[Data to process Boundary: Start]

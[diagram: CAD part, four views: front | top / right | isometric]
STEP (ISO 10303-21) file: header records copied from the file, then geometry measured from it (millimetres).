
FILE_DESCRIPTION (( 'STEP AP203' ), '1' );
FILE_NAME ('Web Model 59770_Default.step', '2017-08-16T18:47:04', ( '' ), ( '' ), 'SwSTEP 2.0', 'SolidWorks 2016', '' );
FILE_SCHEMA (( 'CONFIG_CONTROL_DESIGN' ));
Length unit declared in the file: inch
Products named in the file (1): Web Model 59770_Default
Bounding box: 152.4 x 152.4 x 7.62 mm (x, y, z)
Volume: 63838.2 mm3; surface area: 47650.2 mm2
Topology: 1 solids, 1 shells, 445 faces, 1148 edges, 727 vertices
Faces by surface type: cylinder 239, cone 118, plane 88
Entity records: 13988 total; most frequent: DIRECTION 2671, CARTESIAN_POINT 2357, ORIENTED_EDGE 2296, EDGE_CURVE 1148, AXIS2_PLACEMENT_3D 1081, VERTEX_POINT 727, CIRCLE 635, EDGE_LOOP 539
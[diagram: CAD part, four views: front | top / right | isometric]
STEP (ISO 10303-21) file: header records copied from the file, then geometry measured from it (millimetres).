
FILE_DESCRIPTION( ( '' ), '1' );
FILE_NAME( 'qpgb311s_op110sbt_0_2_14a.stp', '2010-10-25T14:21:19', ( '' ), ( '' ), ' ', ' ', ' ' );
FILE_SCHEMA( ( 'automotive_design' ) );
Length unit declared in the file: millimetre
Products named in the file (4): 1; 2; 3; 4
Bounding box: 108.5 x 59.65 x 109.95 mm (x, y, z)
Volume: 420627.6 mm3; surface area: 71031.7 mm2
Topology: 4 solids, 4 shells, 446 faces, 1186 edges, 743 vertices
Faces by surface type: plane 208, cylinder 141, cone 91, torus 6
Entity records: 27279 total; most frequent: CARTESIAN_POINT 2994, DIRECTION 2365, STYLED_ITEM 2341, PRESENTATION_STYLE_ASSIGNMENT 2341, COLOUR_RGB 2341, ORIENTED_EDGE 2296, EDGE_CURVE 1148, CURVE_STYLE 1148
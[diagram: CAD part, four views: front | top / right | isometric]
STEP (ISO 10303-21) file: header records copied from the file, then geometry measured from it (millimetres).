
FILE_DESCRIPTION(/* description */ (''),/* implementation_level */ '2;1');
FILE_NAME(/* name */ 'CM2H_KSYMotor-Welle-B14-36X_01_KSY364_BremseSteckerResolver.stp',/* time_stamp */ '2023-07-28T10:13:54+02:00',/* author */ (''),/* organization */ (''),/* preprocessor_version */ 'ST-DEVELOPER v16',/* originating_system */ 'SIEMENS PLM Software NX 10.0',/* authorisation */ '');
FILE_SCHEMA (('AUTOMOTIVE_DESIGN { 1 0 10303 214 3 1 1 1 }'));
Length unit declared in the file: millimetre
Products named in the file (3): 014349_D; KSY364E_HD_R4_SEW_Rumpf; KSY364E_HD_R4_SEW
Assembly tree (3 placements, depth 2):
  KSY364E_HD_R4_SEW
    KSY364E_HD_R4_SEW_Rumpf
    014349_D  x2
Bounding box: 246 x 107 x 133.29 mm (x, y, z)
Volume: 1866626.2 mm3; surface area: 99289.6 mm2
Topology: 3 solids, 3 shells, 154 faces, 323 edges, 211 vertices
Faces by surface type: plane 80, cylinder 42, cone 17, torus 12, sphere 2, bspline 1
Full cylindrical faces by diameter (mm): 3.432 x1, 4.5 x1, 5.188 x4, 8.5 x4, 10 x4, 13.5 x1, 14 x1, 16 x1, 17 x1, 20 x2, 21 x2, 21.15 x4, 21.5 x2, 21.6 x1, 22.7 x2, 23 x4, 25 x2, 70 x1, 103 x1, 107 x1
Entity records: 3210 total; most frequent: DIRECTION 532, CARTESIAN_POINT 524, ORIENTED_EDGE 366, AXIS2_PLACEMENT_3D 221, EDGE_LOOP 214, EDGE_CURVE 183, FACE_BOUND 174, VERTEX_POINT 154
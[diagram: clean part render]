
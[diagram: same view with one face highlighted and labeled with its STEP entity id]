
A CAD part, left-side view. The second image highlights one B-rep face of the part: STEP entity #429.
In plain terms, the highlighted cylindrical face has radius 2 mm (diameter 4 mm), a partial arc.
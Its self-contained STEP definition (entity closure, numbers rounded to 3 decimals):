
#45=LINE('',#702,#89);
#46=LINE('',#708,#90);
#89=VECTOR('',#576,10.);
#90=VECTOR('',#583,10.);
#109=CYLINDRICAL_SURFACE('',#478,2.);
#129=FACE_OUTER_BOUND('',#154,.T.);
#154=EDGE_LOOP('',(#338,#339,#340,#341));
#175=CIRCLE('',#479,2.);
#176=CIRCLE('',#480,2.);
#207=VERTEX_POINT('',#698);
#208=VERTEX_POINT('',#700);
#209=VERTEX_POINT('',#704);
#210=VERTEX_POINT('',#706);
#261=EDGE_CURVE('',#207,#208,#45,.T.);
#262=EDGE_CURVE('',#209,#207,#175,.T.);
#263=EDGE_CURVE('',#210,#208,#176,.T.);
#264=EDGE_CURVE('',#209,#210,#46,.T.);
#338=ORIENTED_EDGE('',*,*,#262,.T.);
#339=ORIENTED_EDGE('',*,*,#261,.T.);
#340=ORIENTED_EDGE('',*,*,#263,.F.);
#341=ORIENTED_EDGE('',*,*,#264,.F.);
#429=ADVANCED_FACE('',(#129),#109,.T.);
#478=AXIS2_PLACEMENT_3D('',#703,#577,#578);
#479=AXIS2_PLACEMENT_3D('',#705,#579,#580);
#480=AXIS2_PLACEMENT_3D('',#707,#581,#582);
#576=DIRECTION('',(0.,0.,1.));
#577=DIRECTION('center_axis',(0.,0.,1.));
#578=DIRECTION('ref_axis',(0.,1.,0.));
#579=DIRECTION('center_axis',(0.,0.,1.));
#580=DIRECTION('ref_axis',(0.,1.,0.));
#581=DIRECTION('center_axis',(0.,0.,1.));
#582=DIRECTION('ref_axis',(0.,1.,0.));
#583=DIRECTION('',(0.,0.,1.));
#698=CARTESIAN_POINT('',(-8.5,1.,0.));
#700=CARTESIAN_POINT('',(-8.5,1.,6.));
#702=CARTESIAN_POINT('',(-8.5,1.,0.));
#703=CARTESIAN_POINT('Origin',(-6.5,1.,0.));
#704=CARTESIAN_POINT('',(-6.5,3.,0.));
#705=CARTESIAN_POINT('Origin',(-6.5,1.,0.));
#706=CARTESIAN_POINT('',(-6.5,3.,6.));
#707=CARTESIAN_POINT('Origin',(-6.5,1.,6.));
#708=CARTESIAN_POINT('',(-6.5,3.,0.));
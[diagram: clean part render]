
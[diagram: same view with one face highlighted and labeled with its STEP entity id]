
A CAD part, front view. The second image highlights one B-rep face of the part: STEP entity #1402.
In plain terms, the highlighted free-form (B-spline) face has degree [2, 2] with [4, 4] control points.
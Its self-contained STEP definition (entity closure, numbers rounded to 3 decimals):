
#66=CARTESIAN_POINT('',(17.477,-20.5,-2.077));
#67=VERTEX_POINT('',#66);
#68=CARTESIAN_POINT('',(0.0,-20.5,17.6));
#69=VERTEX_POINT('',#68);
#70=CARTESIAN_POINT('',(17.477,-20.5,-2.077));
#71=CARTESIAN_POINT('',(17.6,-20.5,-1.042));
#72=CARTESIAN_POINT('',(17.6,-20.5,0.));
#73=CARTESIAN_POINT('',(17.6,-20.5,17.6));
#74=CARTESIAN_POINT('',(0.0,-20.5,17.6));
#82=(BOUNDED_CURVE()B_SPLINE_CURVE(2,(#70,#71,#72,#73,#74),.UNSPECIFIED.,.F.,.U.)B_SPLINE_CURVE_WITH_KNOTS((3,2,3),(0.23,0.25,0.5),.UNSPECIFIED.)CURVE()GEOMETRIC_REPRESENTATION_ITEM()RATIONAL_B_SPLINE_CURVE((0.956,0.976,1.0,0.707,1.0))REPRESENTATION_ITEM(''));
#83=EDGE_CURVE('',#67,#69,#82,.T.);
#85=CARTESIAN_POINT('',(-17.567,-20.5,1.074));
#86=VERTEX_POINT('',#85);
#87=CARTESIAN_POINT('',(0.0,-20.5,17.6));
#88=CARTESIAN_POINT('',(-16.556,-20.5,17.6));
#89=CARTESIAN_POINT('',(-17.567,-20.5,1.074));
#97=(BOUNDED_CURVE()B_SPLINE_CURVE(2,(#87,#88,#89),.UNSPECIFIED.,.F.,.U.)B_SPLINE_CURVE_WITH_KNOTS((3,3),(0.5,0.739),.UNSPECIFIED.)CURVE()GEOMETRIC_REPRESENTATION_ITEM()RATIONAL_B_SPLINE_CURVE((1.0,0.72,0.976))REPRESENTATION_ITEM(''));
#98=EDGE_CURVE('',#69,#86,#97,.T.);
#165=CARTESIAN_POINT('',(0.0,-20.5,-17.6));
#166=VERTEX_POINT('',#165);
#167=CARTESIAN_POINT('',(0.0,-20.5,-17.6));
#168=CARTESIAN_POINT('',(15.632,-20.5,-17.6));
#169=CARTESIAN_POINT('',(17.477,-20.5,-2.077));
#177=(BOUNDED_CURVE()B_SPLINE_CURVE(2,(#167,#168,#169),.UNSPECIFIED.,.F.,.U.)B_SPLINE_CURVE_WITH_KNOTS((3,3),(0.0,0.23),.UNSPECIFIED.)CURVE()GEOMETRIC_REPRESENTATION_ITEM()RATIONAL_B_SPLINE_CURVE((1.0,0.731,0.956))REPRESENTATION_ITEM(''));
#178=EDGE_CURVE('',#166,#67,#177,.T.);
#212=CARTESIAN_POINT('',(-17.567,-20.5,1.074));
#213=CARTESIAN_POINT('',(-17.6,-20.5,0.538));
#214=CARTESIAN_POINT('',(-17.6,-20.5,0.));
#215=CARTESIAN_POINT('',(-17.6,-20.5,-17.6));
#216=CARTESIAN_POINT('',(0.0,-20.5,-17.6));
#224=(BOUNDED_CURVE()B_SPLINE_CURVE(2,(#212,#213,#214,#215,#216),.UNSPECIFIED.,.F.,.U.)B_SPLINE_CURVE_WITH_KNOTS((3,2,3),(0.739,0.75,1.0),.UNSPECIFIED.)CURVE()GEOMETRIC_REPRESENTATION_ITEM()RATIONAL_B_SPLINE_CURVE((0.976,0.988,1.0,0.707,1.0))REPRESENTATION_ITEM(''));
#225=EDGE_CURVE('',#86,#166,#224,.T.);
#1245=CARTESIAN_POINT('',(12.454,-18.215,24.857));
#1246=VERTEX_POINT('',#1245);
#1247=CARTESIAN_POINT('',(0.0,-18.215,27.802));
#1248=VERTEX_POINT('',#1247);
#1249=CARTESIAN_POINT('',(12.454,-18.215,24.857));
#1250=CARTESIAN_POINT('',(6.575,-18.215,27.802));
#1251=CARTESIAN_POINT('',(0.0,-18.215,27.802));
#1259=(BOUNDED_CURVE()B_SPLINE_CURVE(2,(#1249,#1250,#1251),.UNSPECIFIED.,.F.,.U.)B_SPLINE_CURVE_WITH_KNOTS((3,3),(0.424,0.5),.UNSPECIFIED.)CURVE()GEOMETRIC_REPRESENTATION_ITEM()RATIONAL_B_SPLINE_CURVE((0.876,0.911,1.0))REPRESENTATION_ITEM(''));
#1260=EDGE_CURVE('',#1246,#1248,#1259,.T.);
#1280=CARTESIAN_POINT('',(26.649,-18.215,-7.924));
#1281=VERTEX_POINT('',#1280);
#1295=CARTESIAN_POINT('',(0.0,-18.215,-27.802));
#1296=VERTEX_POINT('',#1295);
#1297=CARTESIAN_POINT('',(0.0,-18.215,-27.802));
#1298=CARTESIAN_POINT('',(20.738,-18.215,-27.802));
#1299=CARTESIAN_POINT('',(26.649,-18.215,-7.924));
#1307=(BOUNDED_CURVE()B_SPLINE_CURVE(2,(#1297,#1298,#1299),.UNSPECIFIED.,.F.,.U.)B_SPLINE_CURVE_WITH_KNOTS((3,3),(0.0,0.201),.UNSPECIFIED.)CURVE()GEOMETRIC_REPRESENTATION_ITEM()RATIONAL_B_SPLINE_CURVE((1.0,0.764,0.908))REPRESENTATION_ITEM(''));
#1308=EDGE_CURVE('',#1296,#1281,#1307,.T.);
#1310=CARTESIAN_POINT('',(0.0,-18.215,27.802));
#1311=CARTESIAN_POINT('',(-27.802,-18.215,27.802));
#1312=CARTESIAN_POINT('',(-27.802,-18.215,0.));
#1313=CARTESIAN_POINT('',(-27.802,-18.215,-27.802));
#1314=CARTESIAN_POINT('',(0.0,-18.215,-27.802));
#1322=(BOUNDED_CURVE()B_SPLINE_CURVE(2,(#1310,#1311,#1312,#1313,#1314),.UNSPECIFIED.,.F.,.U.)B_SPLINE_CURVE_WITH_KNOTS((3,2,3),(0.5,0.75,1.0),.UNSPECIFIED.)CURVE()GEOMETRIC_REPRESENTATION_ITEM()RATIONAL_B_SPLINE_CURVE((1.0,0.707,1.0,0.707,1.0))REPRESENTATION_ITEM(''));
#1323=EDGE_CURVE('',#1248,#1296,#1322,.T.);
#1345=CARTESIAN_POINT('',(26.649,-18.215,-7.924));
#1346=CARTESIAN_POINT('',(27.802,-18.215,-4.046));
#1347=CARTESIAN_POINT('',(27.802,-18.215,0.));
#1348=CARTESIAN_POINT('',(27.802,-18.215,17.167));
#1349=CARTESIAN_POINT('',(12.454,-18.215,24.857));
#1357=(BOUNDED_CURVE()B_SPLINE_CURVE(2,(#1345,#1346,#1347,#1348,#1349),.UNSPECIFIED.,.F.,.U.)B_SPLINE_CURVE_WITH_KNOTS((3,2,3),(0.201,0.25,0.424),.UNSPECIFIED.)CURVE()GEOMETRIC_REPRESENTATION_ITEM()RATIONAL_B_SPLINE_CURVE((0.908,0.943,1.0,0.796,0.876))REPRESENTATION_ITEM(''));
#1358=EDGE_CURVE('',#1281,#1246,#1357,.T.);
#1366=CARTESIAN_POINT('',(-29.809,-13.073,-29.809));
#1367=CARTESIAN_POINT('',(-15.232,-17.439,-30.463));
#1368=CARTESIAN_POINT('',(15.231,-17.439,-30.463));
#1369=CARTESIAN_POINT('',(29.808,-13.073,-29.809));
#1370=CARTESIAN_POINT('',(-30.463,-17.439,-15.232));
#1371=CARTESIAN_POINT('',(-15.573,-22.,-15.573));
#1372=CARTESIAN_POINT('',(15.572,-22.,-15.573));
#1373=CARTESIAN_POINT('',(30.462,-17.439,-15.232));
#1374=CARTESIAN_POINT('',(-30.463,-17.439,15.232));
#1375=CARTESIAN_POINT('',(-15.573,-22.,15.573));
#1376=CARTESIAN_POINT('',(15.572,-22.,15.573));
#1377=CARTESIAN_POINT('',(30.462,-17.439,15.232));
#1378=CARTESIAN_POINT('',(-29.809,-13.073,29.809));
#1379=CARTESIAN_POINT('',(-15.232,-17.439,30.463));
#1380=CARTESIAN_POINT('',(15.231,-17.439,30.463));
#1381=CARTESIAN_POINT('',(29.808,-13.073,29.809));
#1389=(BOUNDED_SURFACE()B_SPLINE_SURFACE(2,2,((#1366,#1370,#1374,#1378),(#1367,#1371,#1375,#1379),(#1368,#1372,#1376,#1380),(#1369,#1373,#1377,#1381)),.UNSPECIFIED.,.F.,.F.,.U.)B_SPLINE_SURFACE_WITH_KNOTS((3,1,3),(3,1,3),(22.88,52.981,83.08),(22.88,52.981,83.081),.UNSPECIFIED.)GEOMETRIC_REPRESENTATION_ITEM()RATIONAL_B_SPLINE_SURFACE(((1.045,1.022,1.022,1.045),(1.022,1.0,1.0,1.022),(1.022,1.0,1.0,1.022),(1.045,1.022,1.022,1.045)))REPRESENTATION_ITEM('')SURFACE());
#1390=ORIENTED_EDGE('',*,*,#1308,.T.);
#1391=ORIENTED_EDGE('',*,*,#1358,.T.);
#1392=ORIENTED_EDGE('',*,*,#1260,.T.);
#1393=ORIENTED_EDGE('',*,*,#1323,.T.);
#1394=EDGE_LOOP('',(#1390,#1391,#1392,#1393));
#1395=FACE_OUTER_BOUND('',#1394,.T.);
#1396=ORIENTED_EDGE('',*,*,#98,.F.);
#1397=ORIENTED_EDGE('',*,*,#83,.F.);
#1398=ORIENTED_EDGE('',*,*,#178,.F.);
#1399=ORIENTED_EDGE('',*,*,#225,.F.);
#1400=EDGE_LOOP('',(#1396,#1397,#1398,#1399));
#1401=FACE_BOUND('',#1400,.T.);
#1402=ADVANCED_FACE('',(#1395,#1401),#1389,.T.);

[Data to process Boundary: End]

- _What the task asks_: Within the listing above, locate the line containing "#89=VECTOR('',#576,10.);" and the line containing "#263=EDGE_CURVE('',#210,#208,#176,.T.);". Reproduce those two lines and all lines between them exactly, with nothing added.

- _Answer box_:
#89=VECTOR('',#576,10.);
#90=VECTOR('',#583,10.);
#109=CYLINDRICAL_SURFACE('',#478,2.);
#129=FACE_OUTER_BOUND('',#154,.T.);
#154=EDGE_LOOP('',(#338,#339,#340,#341));
#175=CIRCLE('',#479,2.);
#176=CIRCLE('',#480,2.);
#207=VERTEX_POINT('',#698);
#208=VERTEX_POINT('',#700);
#209=VERTEX_POINT('',#704);
#210=VERTEX_POINT('',#706);
#261=EDGE_CURVE('',#207,#208,#45,.T.);
#262=EDGE_CURVE('',#209,#207,#175,.T.);
#263=EDGE_CURVE('',#210,#208,#176,.T.);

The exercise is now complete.